## Aim of the task
Word for word, set down the records and skip each picture.

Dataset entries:
^^^^^^^^^^^^^^^^
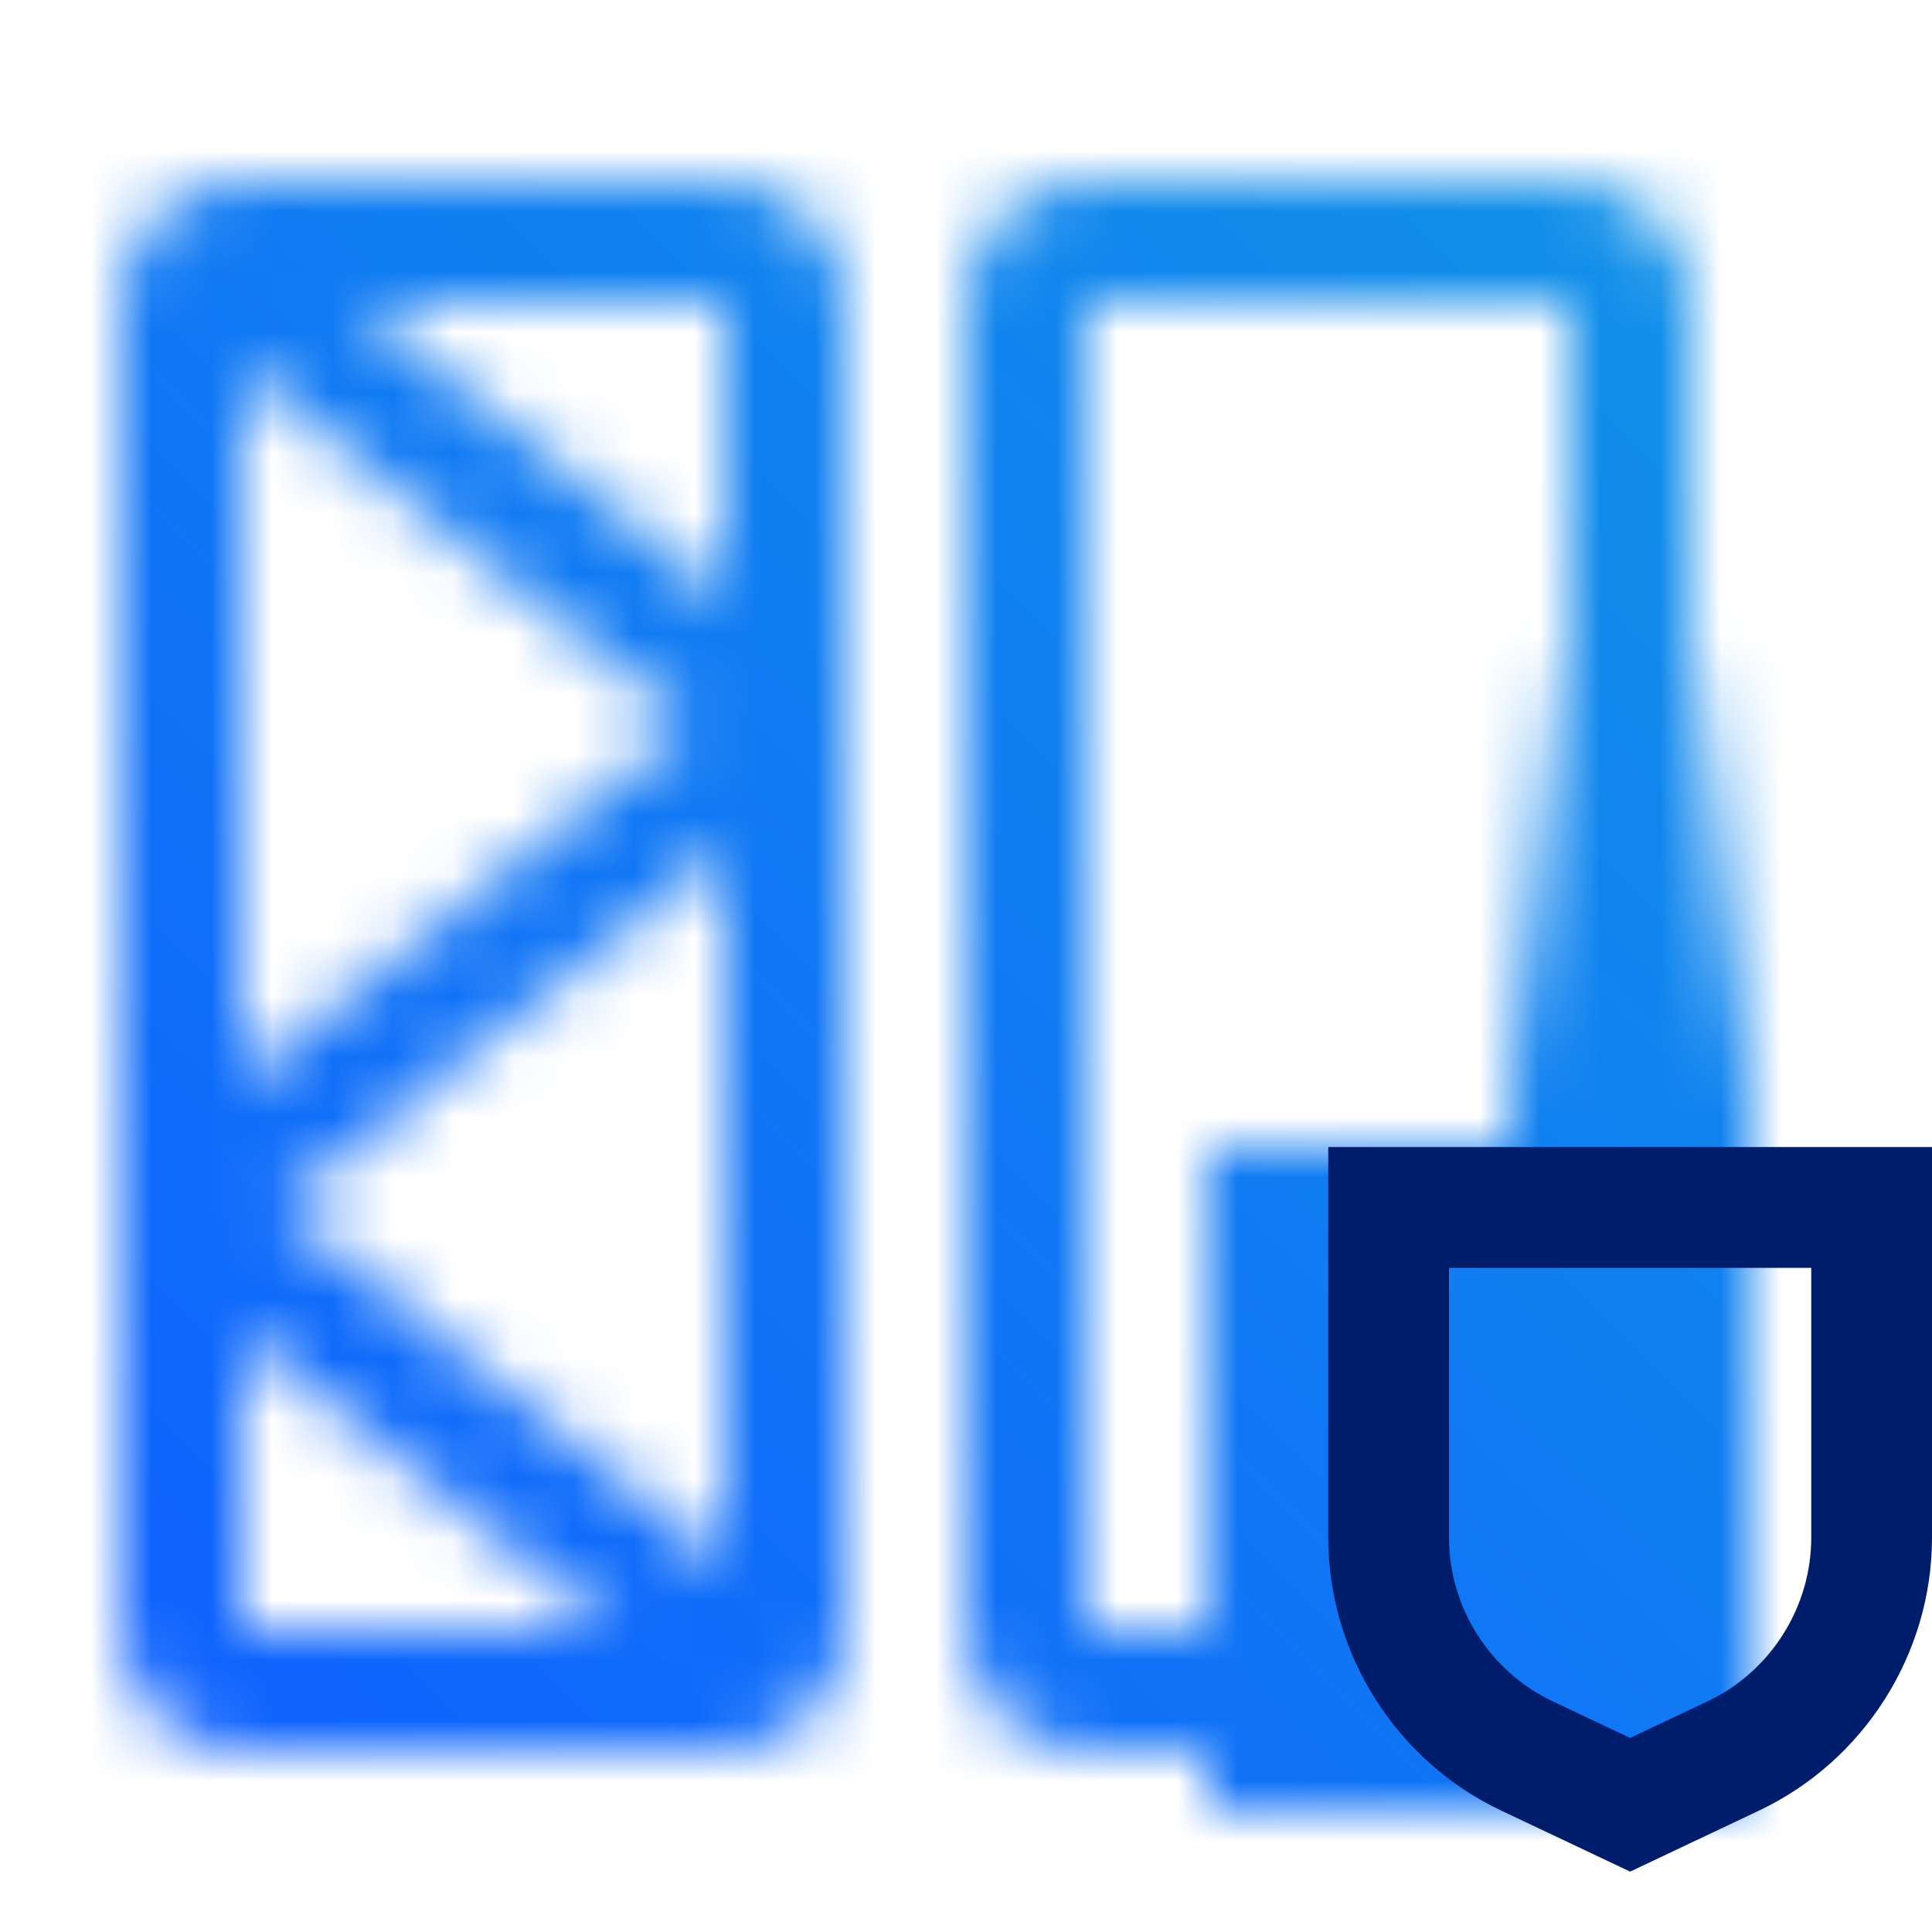 <?xml version="1.0" encoding="UTF-8"?>
<svg id="uuid-3c412cde-f155-4be3-a03f-9241c903e476" data-name="Build icon here" xmlns="http://www.w3.org/2000/svg" xmlns:xlink="http://www.w3.org/1999/xlink" viewBox="0 0 32 32">
  <defs>
    <linearGradient id="uuid-2572fc7e-3c2a-42fb-947a-9537184f542c" x1="3584.899" y1="-3396.097" x2="3594.101" y2="-3396.097" gradientTransform="translate(-3562.5 3411.097)" gradientUnits="userSpaceOnUse">
      <stop offset="0" stop-color="#000" stop-opacity="0"/>
      <stop offset=".83" stop-color="#000"/>
    </linearGradient>
    <mask id="uuid-5519c86d-c5b6-48fc-bf27-400ae80140b4" data-name="mask" x="0" y="0" width="32" height="32" maskUnits="userSpaceOnUse">
      <g>
        <g>
          <path d="m26,29h-8c-1.103,0-2-.897-2-2V5c0-1.103.897-2,2-2h8c1.103,0,2,.897,2,2v22c0,1.103-.897,2-2,2ZM18,5v22h8.001V5h-8.001Z" fill="#fff"/>
          <path d="m12,3H4c-1.103,0-2,.897-2,2v22c0,1.103.897,2,2,2h8c1.103,0,2-.897,2-2V5c0-1.103-.897-2-2-2Zm0,6.919l-6.149-4.919h6.149v4.919Zm-.601,2.081l-7.399,5.919V6.081l7.399,5.919Zm.601,2.08v11.839s-7.4-5.92-7.4-5.92l7.4-5.92Zm-8,8.001l6.148,4.919h-6.148v-4.919Z" fill="#fff"/>
        </g>
        <g id="uuid-db076734-9ff8-49f0-9366-4d3491af1819" data-name="Gradients (black)">
          <rect x="22.4" y="13" width="9.202" height="4" transform="translate(42 -12) rotate(90)" fill="url(#uuid-2572fc7e-3c2a-42fb-947a-9537184f542c)"/>
        </g>
        <rect x="20" y="19" width="9" height="11"/>
      </g>
    </mask>
    <linearGradient id="uuid-6afe167f-424f-4175-9f63-8c88da00500c" x1="0" y1="32" x2="32" y2="0" gradientUnits="userSpaceOnUse">
      <stop offset=".1" stop-color="#0f62fe"/>
      <stop offset=".9" stop-color="#1192e8"/>
    </linearGradient>
  </defs>
  <g mask="url(#uuid-5519c86d-c5b6-48fc-bf27-400ae80140b4)">
    <rect x="0" width="32" height="32" fill="url(#uuid-6afe167f-424f-4175-9f63-8c88da00500c)"/>
  </g>
  <path d="m27,31l-2.139-1.013c-1.738-.822-2.861-2.597-2.861-4.52v-6.468h10v6.468c0,1.923-1.123,3.697-2.861,4.52l-2.139,1.013Zm-3-10v4.468c0,1.153.674,2.218,1.717,2.711l1.283.607,1.283-.607c1.043-.493,1.717-1.558,1.717-2.711v-4.468h-6Z" fill="#001d6c"/>
</svg>
^^^^^^^^^^^^^^^^
## Result of the exercise
 <?xml version="1.0" encoding="UTF-8"?>
<svg id="uuid-3c412cde-f155-4be3-a03f-9241c903e476" data-name="Build icon here" xmlns="http://www.w3.org/2000/svg" xmlns:xlink="http://www.w3.org/1999/xlink" viewBox="0 0 32 32">
  <defs>
    <linearGradient id="uuid-2572fc7e-3c2a-42fb-947a-9537184f542c" x1="3584.899" y1="-3396.097" x2="3594.101" y2="-3396.097" gradientTransform="translate(-3562.5 3411.097)" gradientUnits="userSpaceOnUse">
      <stop offset="0" stop-color="#000" stop-opacity="0"/>
      <stop offset=".83" stop-color="#000"/>
    </linearGradient>
    <mask id="uuid-5519c86d-c5b6-48fc-bf27-400ae80140b4" data-name="mask" x="0" y="0" width="32" height="32" maskUnits="userSpaceOnUse">
      <g>
        <g>
          <path d="m26,29h-8c-1.103,0-2-.897-2-2V5c0-1.103.897-2,2-2h8c1.103,0,2,.897,2,2v22c0,1.103-.897,2-2,2ZM18,5v22h8.001V5h-8.001Z" fill="#fff"/>
          <path d="m12,3H4c-1.103,0-2,.897-2,2v22c0,1.103.897,2,2,2h8c1.103,0,2-.897,2-2V5c0-1.103-.897-2-2-2Zm0,6.919l-6.149-4.919h6.149v4.919Zm-.601,2.081l-7.399,5.919V6.081l7.399,5.919Zm.601,2.08v11.839s-7.4-5.92-7.4-5.92l7.4-5.92Zm-8,8.001l6.148,4.919h-6.148v-4.919Z" fill="#fff"/>
        </g>
        <g id="uuid-db076734-9ff8-49f0-9366-4d3491af1819" data-name="Gradients (black)">
          <rect x="22.4" y="13" width="9.202" height="4" transform="translate(42 -12) rotate(90)" fill="url(#uuid-2572fc7e-3c2a-42fb-947a-9537184f542c)"/>
        </g>
        <rect x="20" y="19" width="9" height="11"/>
      </g>
    </mask>
    <linearGradient id="uuid-6afe167f-424f-4175-9f63-8c88da00500c" x1="0" y1="32" x2="32" y2="0" gradientUnits="userSpaceOnUse">
      <stop offset=".1" stop-color="#0f62fe"/>
      <stop offset=".9" stop-color="#1192e8"/>
    </linearGradient>
  </defs>
  <g mask="url(#uuid-5519c86d-c5b6-48fc-bf27-400ae80140b4)">
    <rect x="0" width="32" height="32" fill="url(#uuid-6afe167f-424f-4175-9f63-8c88da00500c)"/>
  </g>
  <path d="m27,31l-2.139-1.013c-1.738-.822-2.861-2.597-2.861-4.52v-6.468h10v6.468c0,1.923-1.123,3.697-2.861,4.52l-2.139,1.013Zm-3-10v4.468c0,1.153.674,2.218,1.717,2.711l1.283.607,1.283-.607c1.043-.493,1.717-1.558,1.717-2.711v-4.468h-6Z" fill="#001d6c"/>
</svg>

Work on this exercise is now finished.